GIVEN RECORDS:
========================================================================

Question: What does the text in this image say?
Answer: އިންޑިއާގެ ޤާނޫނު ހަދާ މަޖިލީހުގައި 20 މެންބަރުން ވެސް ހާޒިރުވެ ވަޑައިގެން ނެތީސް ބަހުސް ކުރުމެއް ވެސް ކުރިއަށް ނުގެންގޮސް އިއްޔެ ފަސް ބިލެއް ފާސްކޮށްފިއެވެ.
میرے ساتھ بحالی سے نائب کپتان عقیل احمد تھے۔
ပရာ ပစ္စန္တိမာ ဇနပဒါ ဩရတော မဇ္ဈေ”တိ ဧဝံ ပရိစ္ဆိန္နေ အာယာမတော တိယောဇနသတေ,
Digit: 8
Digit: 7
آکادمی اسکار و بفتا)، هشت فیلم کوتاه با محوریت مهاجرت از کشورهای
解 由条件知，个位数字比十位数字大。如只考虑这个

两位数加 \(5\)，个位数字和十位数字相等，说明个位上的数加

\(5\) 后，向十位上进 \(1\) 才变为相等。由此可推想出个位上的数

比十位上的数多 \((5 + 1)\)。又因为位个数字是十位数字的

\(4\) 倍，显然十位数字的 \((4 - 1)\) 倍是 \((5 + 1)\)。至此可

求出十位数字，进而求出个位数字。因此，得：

========================================================================

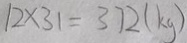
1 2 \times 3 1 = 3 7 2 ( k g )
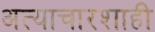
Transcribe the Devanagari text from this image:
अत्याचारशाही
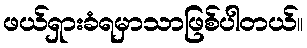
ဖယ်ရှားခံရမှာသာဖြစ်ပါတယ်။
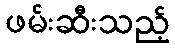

========================================================================

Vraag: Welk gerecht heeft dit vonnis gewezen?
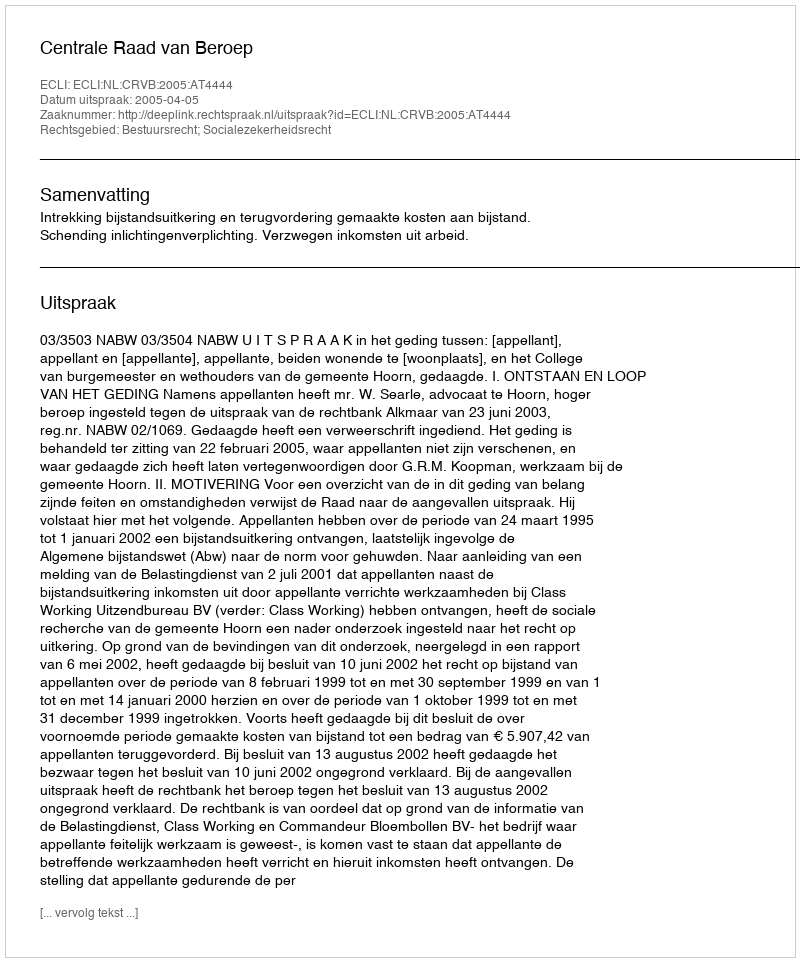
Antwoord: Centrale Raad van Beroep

========================================================================

TASK: Set down, exactly as written above, each line from the one with "Vraag: Welk gerecht heeft dit vonnis gewezen?" through the one with "Antwoord: Centrale Raad van Beroep", and skip the pictures.

OUTPUT OF THE TASK:
Vraag: Welk gerecht heeft dit vonnis gewezen?
Antwoord: Centrale Raad van Beroep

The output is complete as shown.